What to do.
This exercise asks for a copy of each line in the records below with the word "name" in it.

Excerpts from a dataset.
━━━━━━━━━━━━━━━━

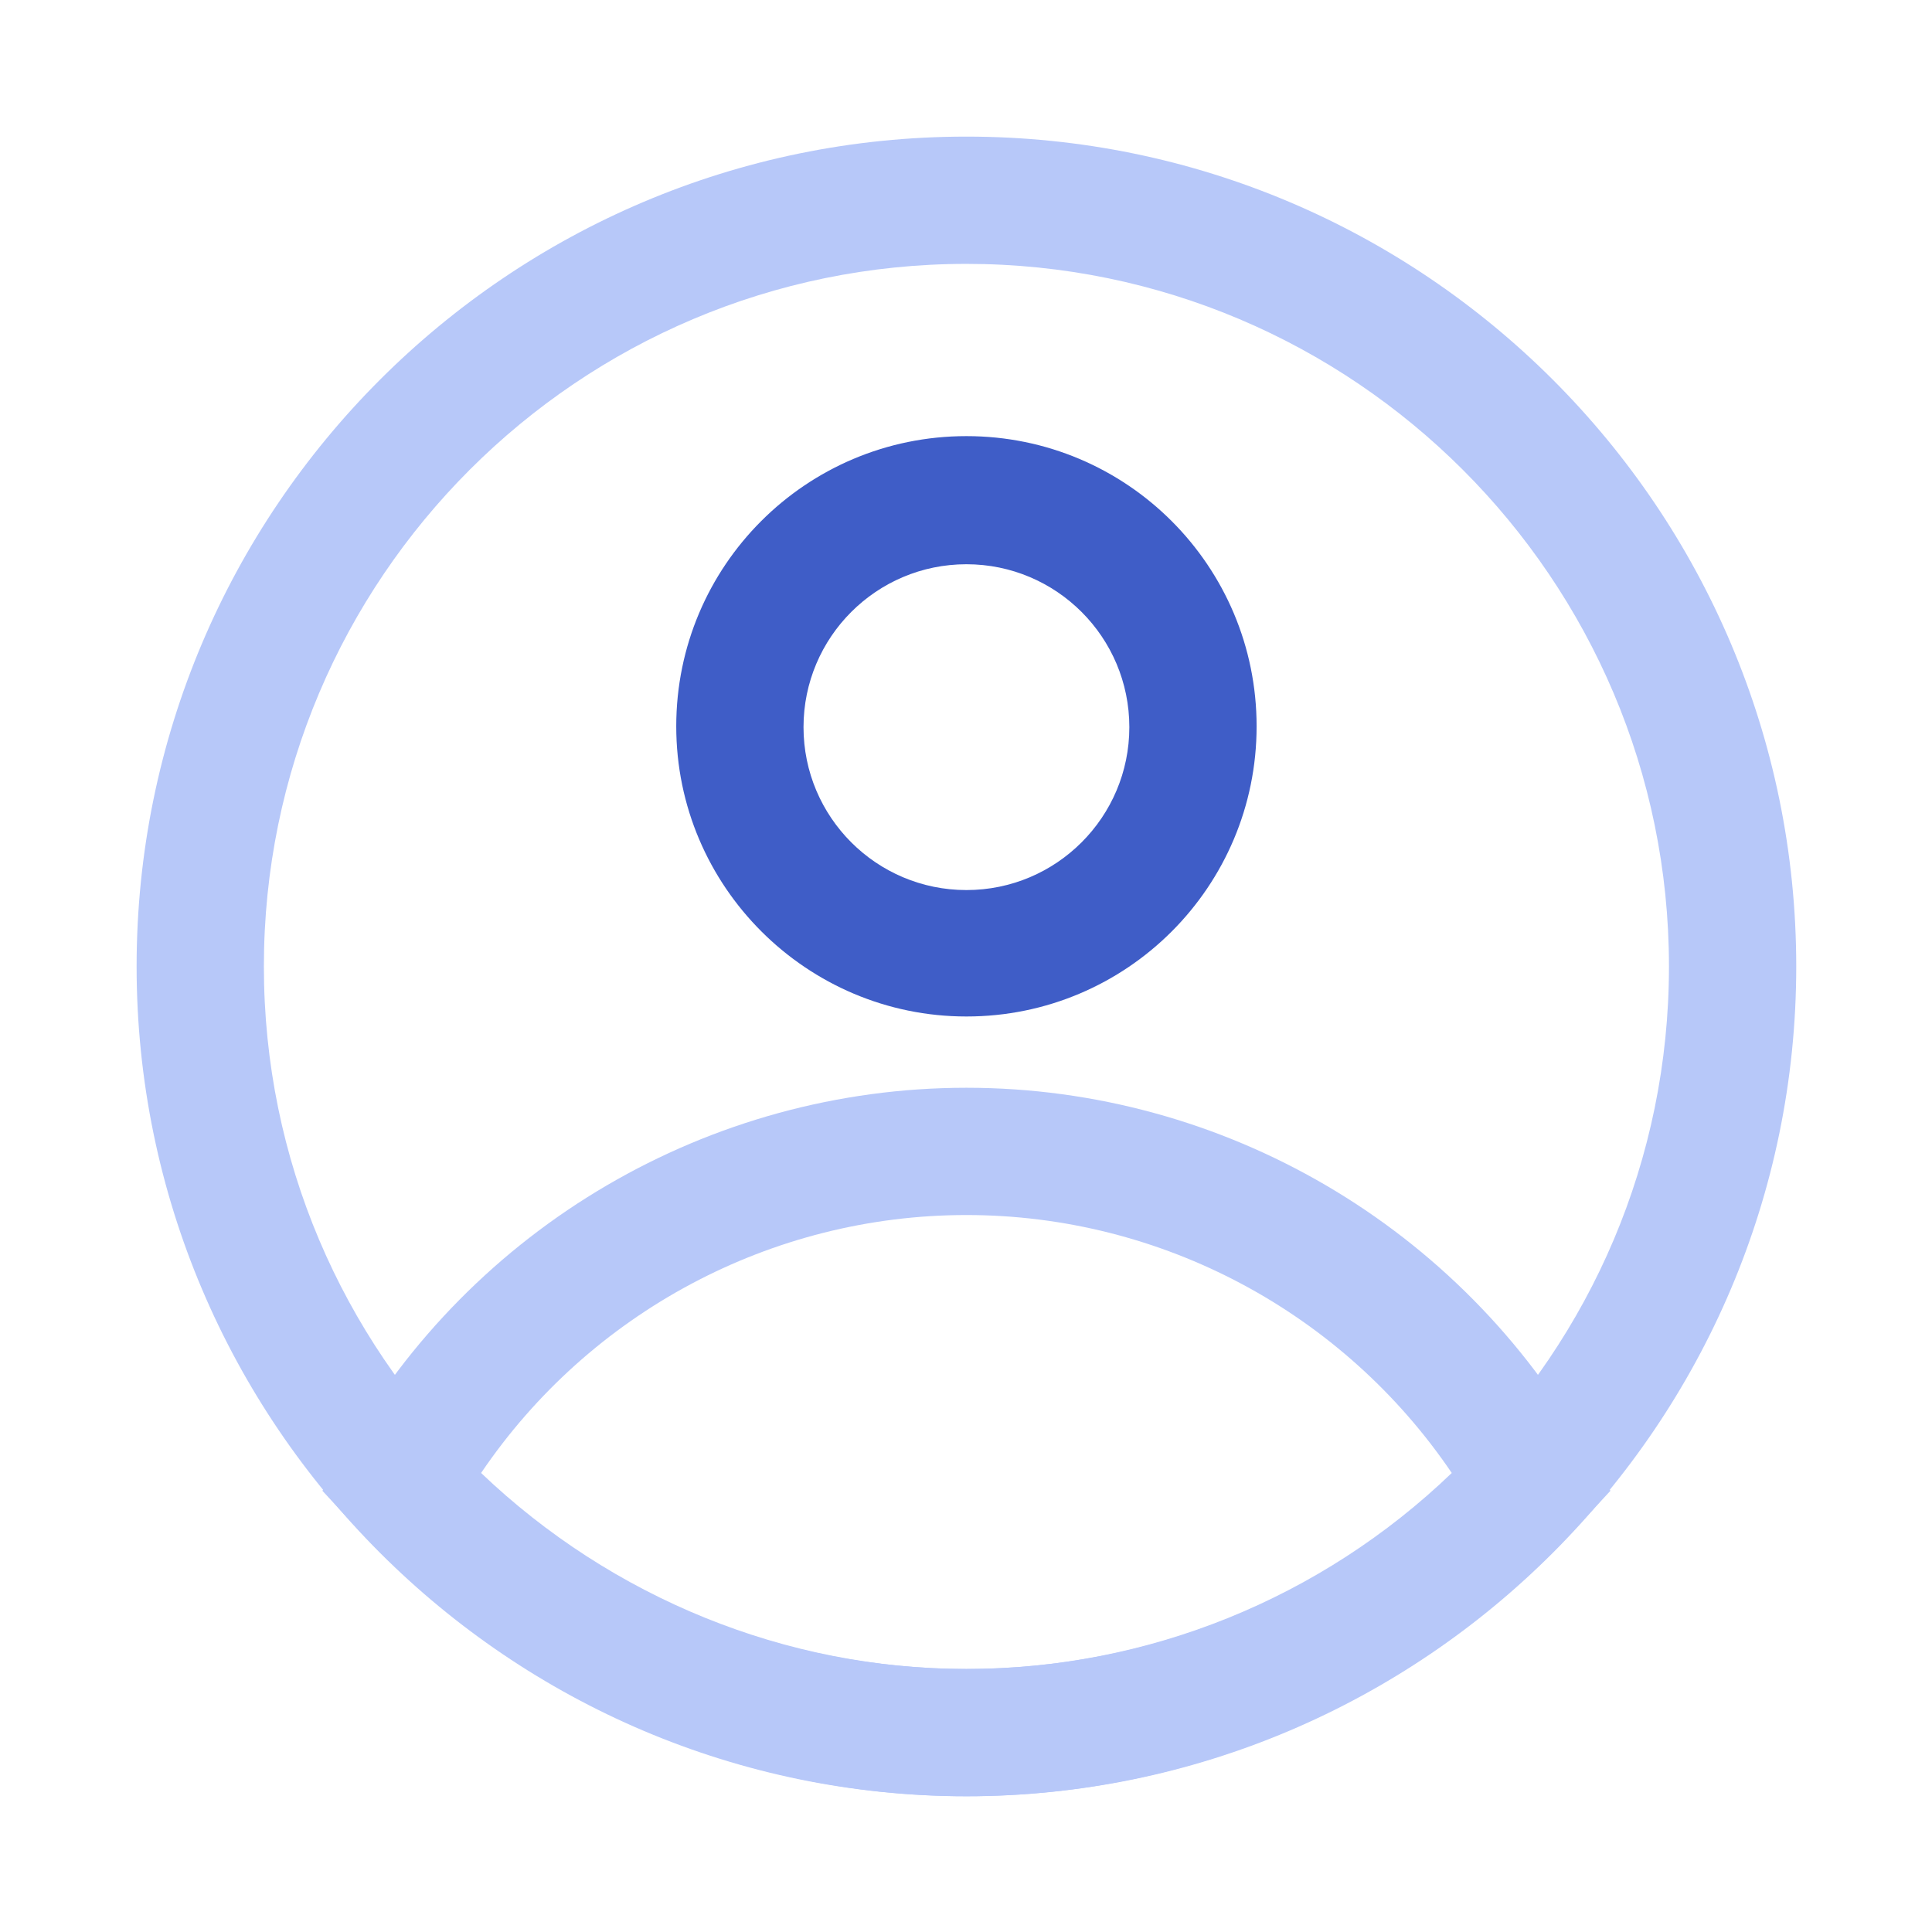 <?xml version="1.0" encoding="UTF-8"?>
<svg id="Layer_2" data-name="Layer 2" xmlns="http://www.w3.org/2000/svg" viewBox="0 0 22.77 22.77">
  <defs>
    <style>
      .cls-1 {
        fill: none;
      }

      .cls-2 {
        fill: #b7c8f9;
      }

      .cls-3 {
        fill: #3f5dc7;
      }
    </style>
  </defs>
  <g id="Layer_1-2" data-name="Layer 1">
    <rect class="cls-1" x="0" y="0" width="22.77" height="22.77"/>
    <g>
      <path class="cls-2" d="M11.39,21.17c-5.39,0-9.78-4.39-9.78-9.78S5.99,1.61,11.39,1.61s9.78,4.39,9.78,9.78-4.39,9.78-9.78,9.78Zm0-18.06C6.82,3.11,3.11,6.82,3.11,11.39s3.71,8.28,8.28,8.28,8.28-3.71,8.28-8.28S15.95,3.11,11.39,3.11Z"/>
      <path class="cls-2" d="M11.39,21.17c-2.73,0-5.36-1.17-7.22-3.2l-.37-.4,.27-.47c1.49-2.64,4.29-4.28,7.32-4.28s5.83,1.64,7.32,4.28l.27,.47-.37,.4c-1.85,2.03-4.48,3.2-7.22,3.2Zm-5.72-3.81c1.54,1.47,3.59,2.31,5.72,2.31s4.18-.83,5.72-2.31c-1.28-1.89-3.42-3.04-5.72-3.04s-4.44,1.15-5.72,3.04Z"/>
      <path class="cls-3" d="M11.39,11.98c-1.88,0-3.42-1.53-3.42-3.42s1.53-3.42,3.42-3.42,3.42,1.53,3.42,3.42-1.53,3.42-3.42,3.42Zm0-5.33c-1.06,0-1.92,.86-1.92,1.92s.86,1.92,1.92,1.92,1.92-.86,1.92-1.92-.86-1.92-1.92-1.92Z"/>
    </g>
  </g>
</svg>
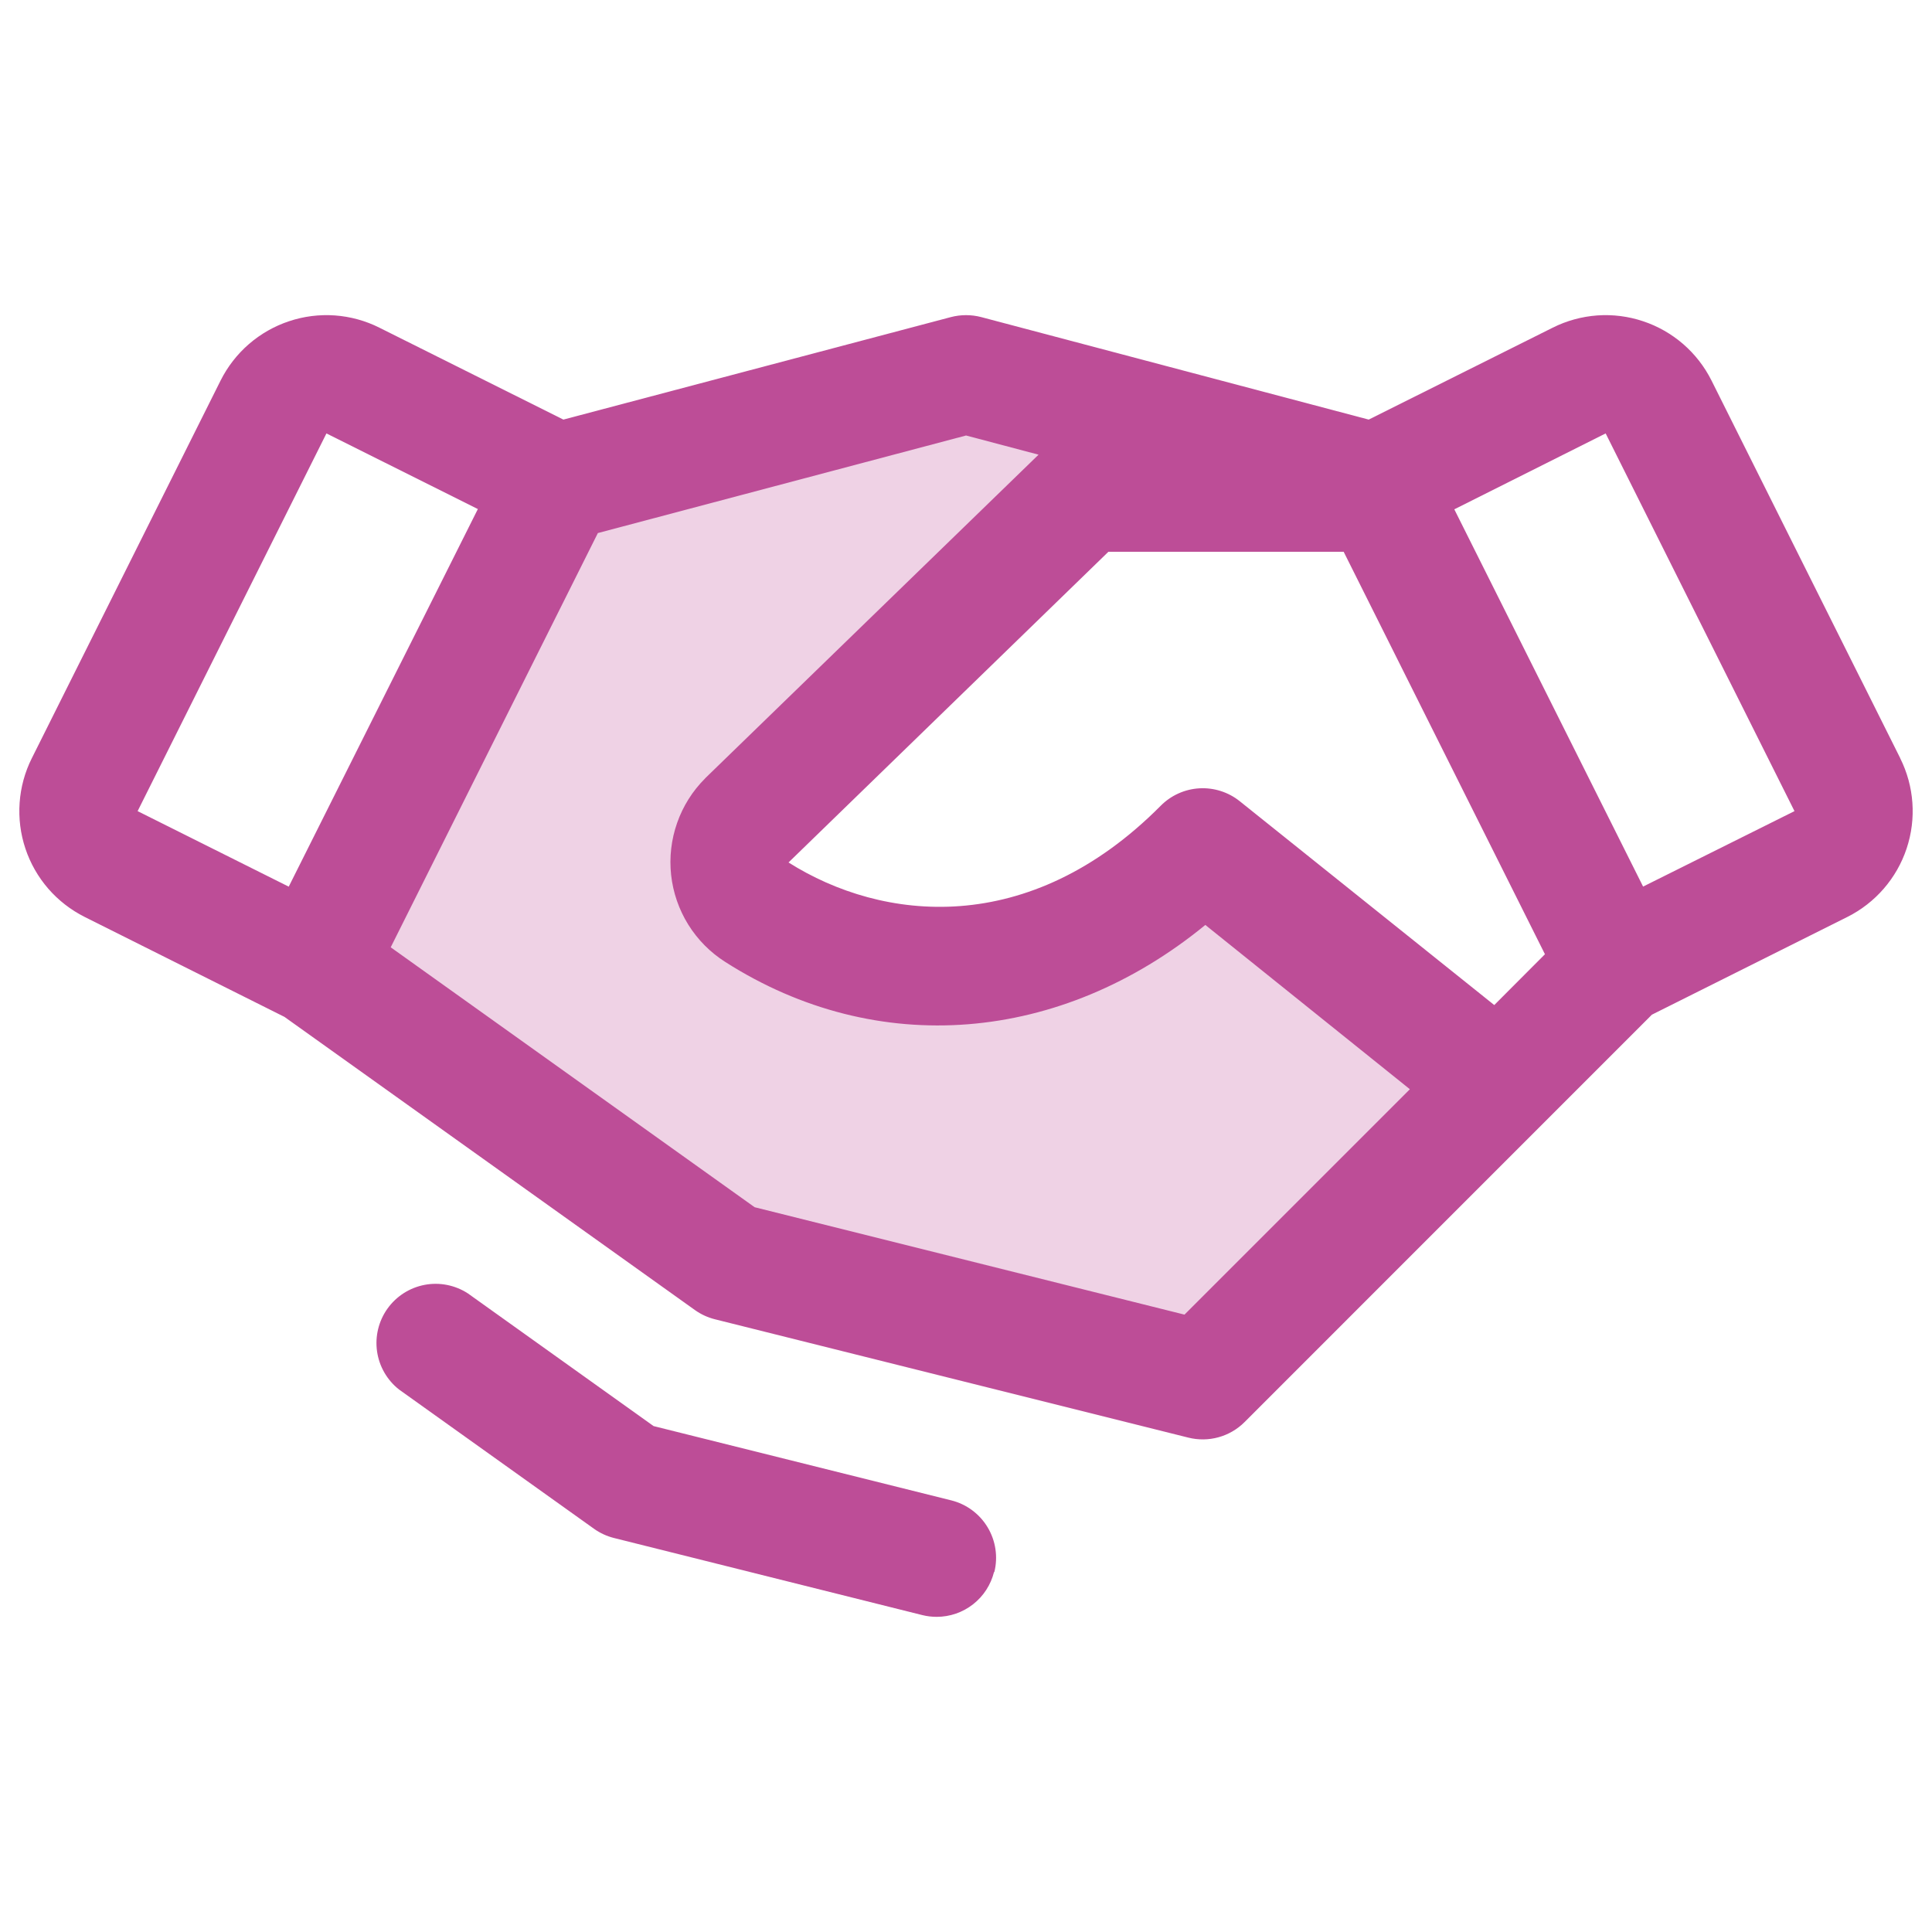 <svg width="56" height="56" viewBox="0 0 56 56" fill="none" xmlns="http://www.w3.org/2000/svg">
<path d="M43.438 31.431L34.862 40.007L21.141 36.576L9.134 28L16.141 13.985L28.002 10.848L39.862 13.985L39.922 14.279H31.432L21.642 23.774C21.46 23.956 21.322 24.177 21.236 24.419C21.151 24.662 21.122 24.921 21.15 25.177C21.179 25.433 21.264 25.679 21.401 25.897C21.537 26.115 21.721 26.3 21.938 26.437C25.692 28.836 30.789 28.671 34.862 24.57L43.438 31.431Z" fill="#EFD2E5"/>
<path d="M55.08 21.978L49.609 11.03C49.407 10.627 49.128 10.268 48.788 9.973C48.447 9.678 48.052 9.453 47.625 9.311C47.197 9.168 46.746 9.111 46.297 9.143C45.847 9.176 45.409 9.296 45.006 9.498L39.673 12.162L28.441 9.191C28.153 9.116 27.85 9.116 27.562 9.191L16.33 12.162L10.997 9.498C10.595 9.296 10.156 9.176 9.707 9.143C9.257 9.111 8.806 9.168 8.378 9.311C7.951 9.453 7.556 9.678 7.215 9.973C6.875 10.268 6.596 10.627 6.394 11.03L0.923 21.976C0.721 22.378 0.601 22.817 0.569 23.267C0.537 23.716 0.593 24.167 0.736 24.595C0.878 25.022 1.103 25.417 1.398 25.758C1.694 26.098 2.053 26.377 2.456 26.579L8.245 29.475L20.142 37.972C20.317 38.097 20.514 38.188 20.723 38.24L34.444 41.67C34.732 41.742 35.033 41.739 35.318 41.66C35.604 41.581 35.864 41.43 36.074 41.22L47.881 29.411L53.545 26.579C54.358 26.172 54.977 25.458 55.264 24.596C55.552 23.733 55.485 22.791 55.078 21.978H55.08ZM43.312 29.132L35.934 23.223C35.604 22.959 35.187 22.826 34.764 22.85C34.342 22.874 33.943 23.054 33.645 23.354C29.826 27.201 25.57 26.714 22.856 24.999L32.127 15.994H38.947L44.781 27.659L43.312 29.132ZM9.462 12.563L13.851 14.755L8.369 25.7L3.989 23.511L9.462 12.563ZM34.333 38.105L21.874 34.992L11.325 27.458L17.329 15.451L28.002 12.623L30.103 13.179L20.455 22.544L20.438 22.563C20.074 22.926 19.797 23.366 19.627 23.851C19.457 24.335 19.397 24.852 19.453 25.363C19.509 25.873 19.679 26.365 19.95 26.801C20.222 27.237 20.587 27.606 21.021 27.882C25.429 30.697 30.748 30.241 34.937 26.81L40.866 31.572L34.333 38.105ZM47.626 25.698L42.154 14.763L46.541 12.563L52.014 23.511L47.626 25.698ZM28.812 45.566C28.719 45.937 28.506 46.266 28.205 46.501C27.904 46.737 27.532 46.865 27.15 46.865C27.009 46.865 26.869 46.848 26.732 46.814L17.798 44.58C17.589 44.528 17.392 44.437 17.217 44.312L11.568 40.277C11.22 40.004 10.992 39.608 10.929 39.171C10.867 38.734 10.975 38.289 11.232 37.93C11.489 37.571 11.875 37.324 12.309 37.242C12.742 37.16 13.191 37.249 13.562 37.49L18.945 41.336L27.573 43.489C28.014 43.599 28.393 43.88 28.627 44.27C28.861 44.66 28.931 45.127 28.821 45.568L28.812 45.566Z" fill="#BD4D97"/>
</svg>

━━━━━━━━━━━━━━━━

Answer space.
<svg id="Layer_2" data-name="Layer 2" xmlns="http://www.w3.org/2000/svg" viewBox="0 0 22.77 22.77">
  <g id="Layer_1-2" data-name="Layer 1">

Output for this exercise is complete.